Problem to solve
Among the lines below, the one containing "(00:01:20.6)" opens the range and the one containing "(00:01:33.8)" closes it. Print that range exactly, without the pictures.

**** Records shown

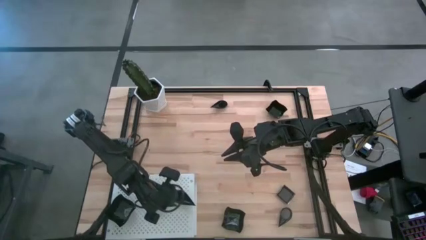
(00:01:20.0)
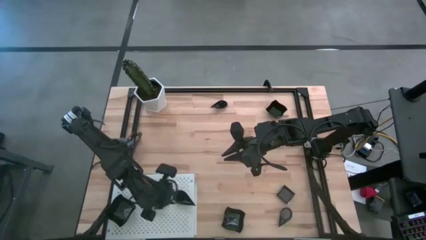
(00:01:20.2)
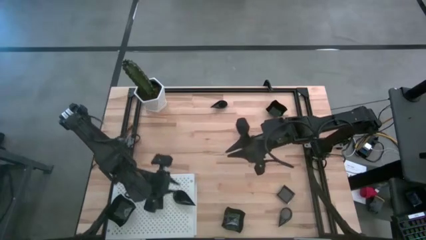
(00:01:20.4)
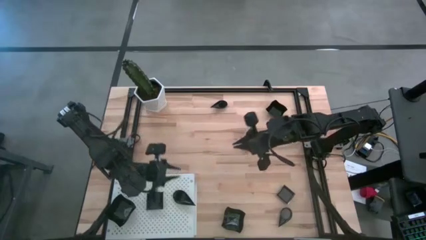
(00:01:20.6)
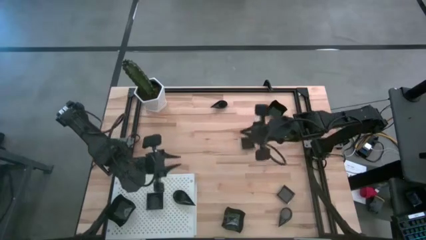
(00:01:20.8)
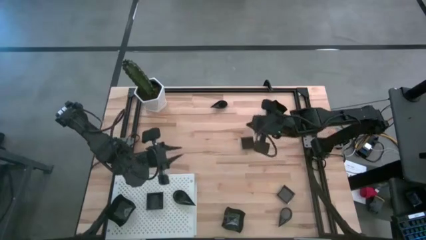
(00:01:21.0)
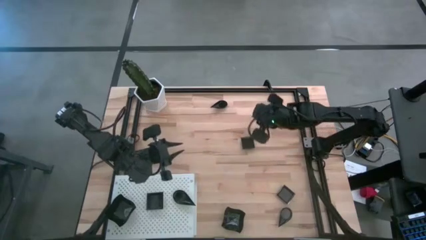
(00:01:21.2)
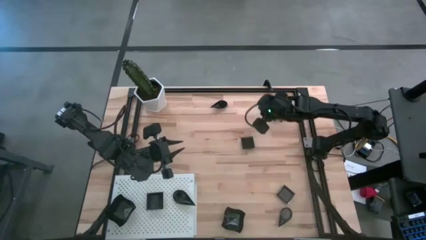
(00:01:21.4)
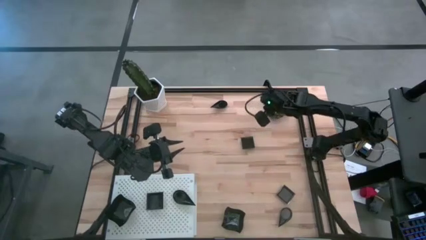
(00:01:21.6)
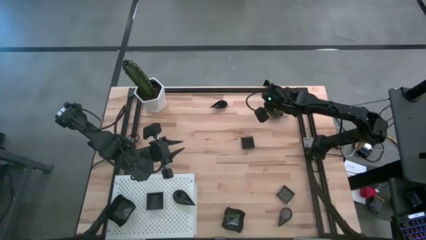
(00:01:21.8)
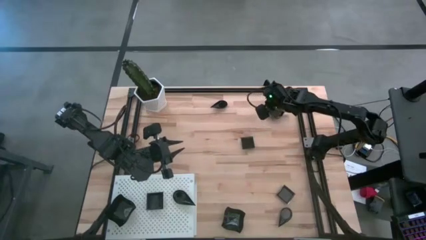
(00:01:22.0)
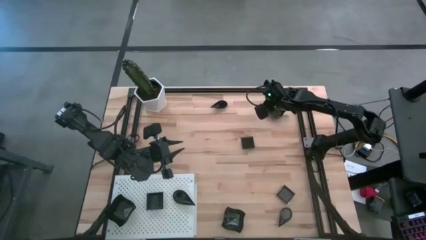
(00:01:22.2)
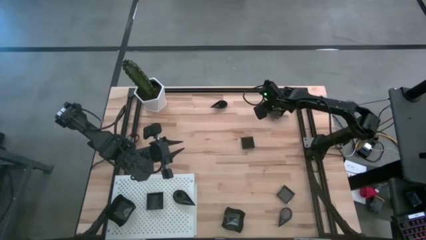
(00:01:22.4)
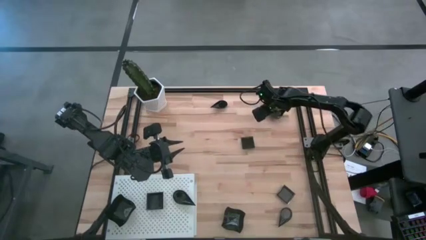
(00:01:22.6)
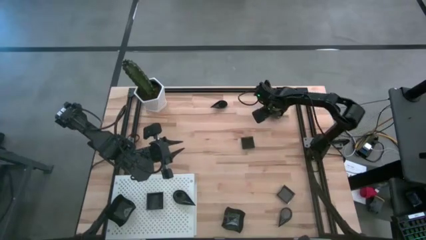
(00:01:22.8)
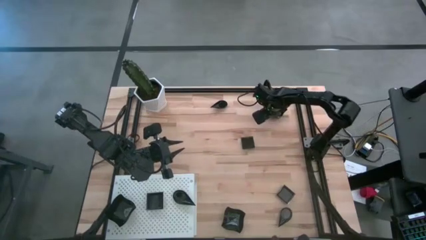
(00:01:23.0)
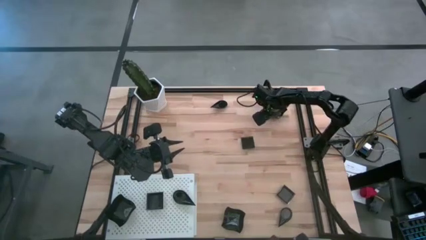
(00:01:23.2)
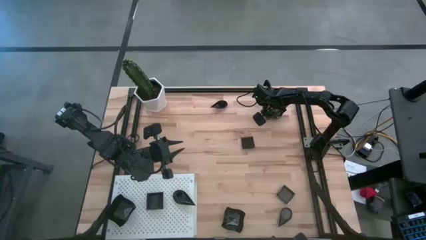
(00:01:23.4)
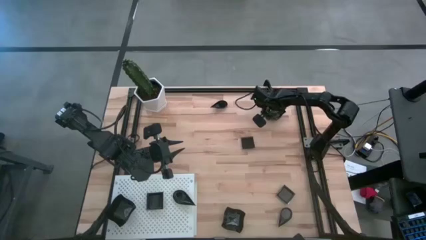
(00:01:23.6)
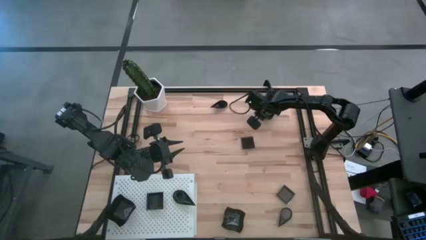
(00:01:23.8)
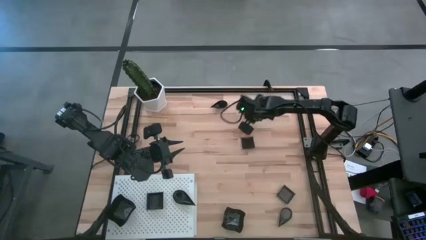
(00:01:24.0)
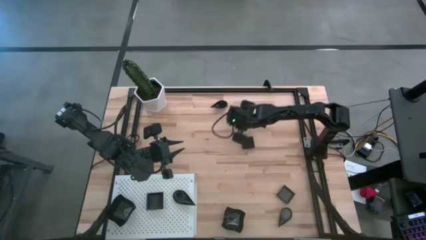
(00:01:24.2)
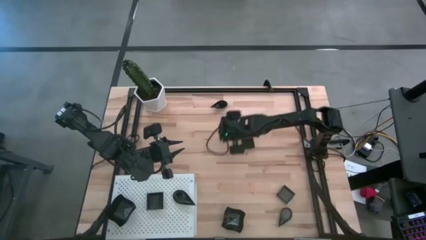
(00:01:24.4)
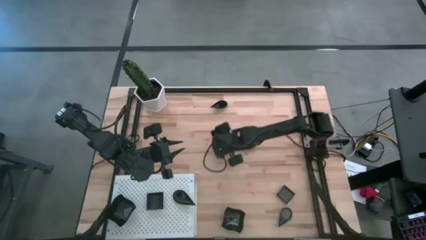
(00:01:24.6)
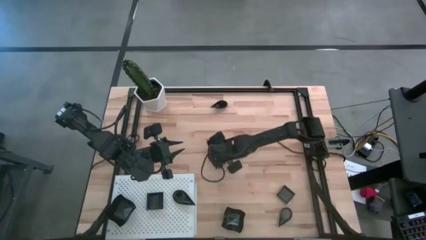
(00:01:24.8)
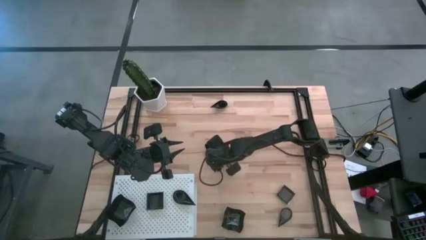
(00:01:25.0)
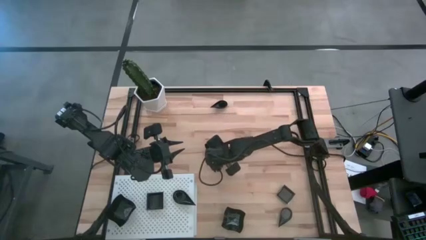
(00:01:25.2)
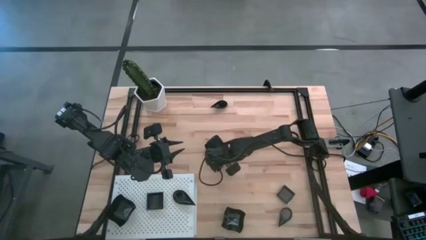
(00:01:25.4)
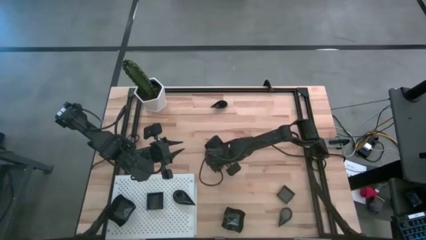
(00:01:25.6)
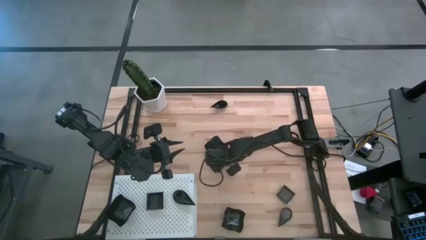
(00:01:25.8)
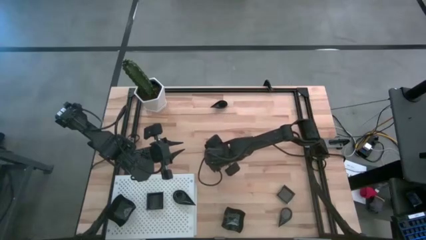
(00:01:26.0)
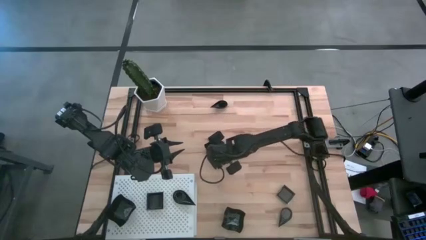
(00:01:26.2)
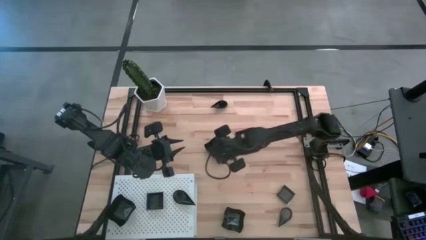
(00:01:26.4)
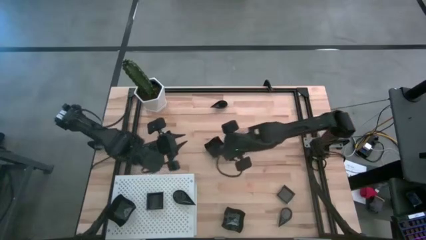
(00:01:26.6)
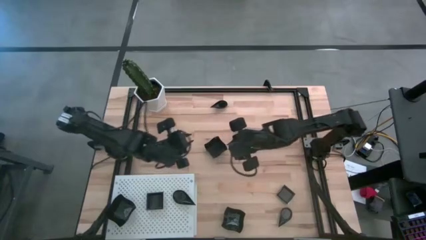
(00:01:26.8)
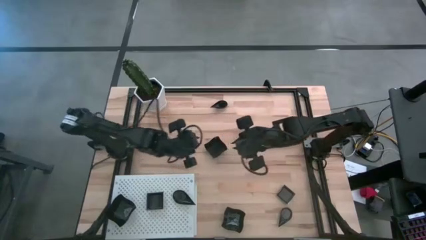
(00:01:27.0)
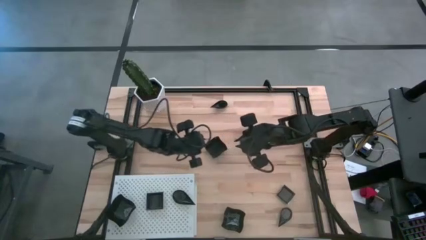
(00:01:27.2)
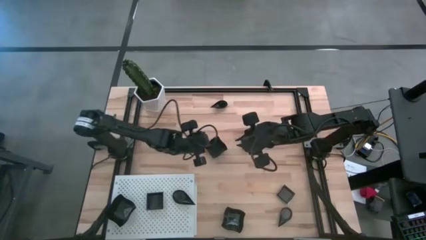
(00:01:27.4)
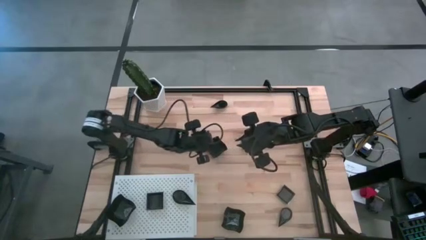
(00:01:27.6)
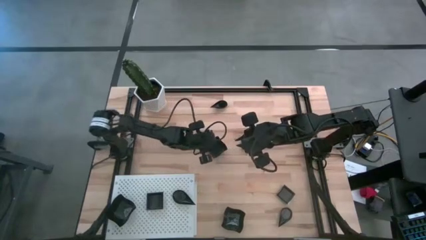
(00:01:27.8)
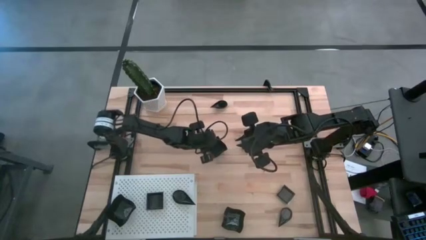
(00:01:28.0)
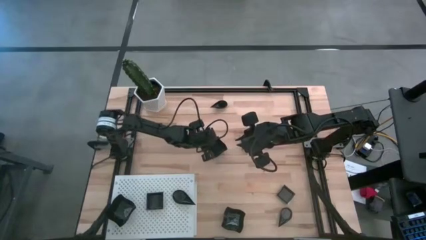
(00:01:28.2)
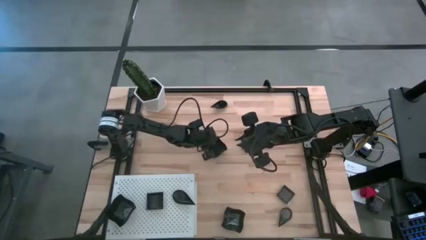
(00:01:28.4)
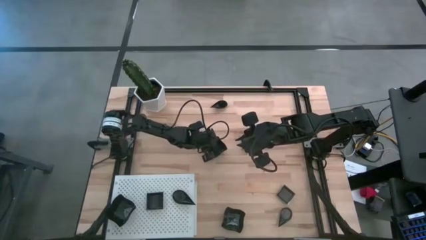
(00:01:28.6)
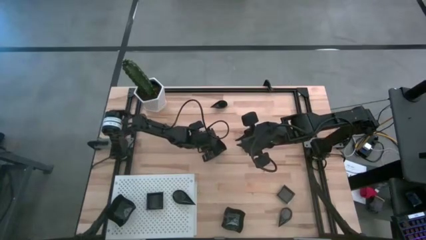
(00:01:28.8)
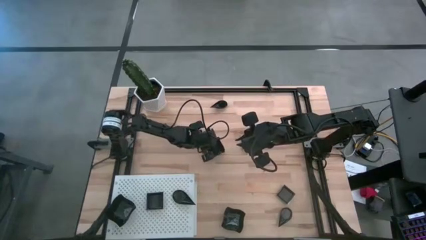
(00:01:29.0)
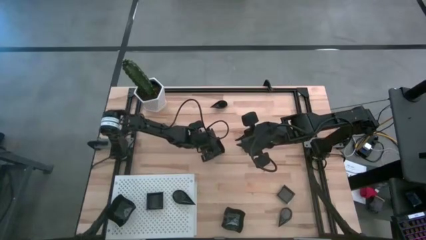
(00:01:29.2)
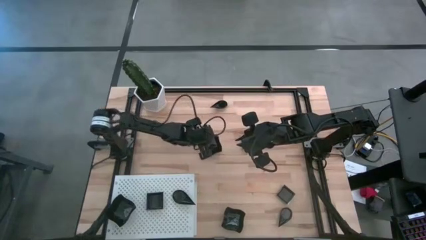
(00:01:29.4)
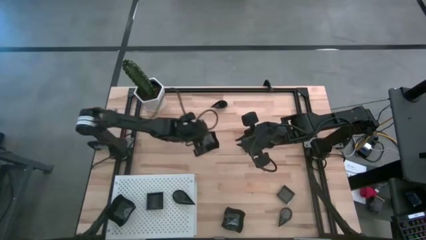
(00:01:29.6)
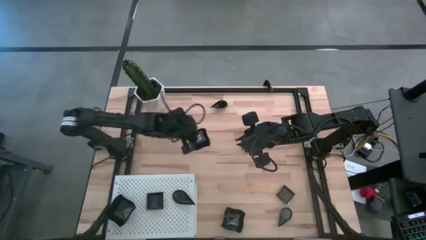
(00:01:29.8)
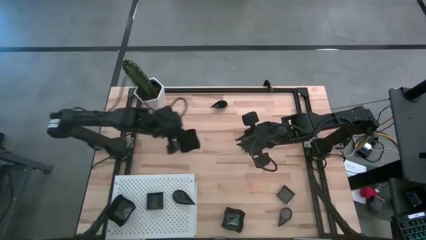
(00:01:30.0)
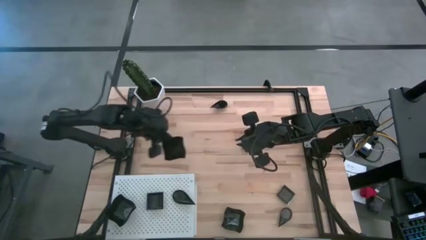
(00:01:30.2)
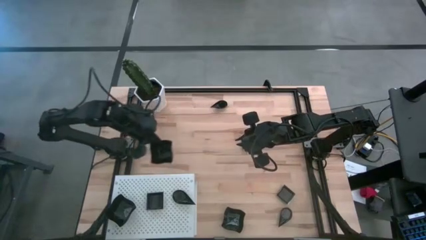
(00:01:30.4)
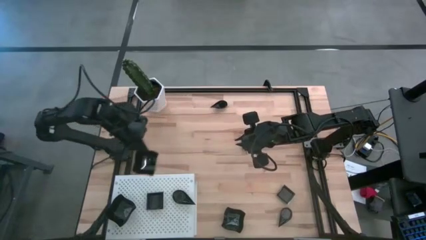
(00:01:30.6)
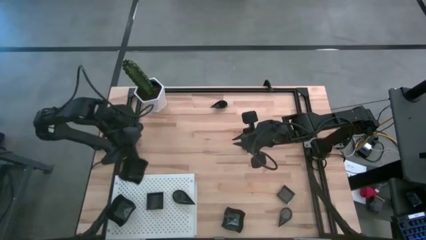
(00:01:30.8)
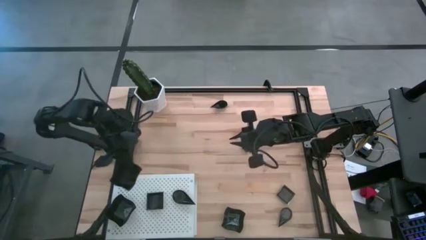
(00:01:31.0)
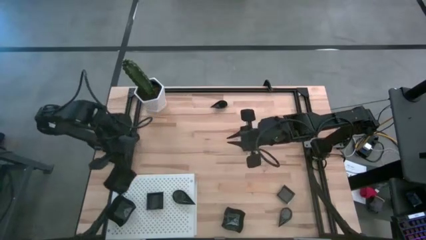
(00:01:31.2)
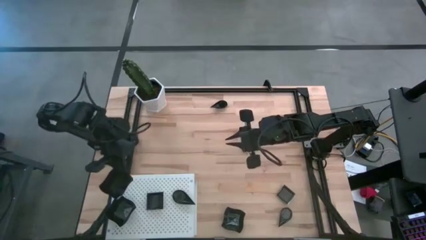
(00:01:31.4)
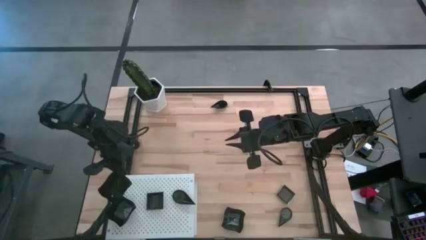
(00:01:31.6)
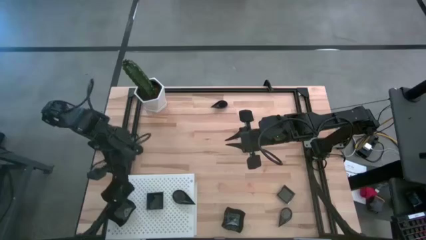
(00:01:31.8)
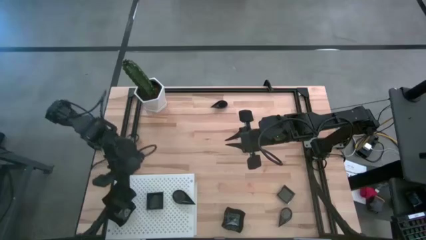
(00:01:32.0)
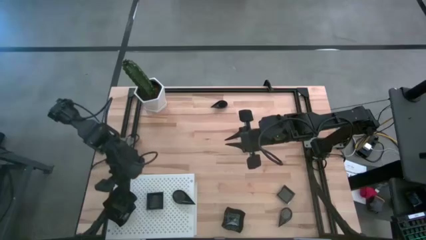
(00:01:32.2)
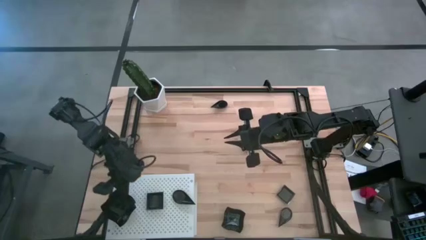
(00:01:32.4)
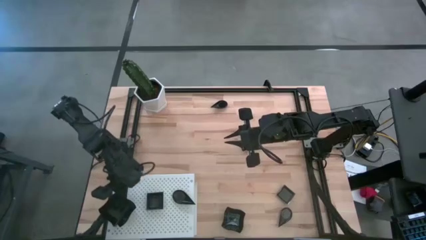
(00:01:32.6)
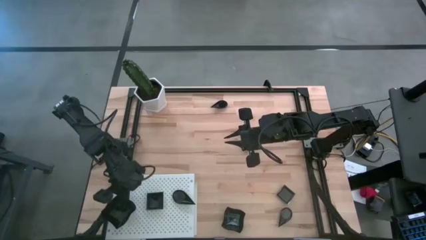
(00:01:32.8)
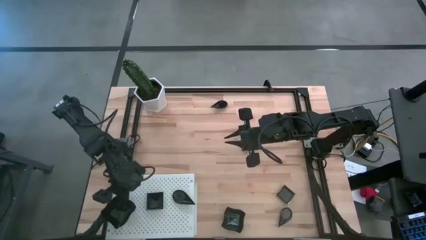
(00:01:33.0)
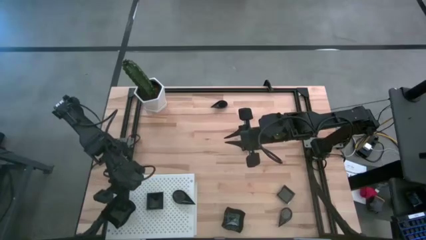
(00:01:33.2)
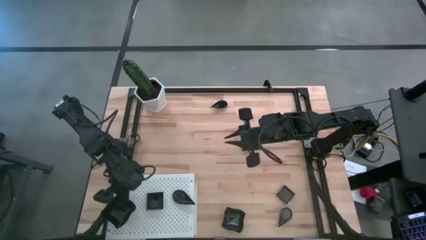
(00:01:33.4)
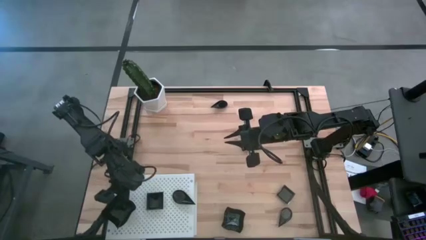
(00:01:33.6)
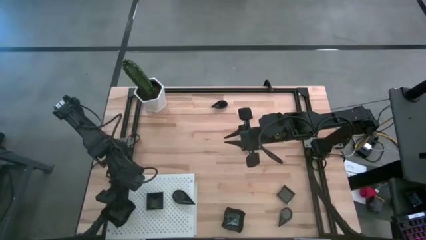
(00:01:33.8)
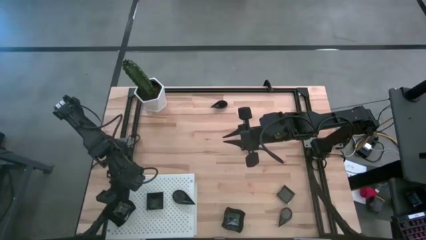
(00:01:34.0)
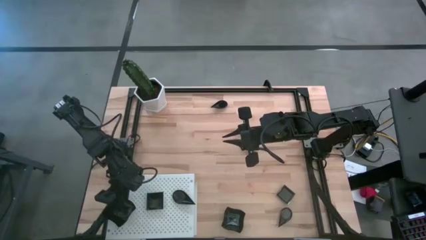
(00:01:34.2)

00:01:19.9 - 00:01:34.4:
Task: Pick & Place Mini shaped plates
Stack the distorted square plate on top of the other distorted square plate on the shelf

********

Reply to the exercise
(00:01:20.6)
(00:01:20.8)
(00:01:21.0)
(00:01:21.2)
(00:01:21.4)
(00:01:21.6)
(00:01:21.8)
(00:01:22.0)
(00:01:22.2)
(00:01:22.4)
(00:01:22.6)
(00:01:22.8)
(00:01:23.0)
(00:01:23.2)
(00:01:23.4)
(00:01:23.6)
(00:01:23.8)
(00:01:24.0)
(00:01:24.2)
(00:01:24.4)
(00:01:24.6)
(00:01:24.8)
(00:01:25.0)
(00:01:25.2)
(00:01:25.4)
(00:01:25.6)
(00:01:25.8)
(00:01:26.0)
(00:01:26.2)
(00:01:26.4)
(00:01:26.6)
(00:01:26.8)
(00:01:27.0)
(00:01:27.2)
(00:01:27.4)
(00:01:27.6)
(00:01:27.8)
(00:01:28.0)
(00:01:28.2)
(00:01:28.4)
(00:01:28.6)
(00:01:28.8)
(00:01:29.0)
(00:01:29.2)
(00:01:29.4)
(00:01:29.6)
(00:01:29.8)
(00:01:30.0)
(00:01:30.2)
(00:01:30.4)
(00:01:30.6)
(00:01:30.8)
(00:01:31.0)
(00:01:31.2)
(00:01:31.4)
(00:01:31.6)
(00:01:31.8)
(00:01:32.0)
(00:01:32.2)
(00:01:32.4)
(00:01:32.6)
(00:01:32.8)
(00:01:33.0)
(00:01:33.2)
(00:01:33.4)
(00:01:33.6)
(00:01:33.8)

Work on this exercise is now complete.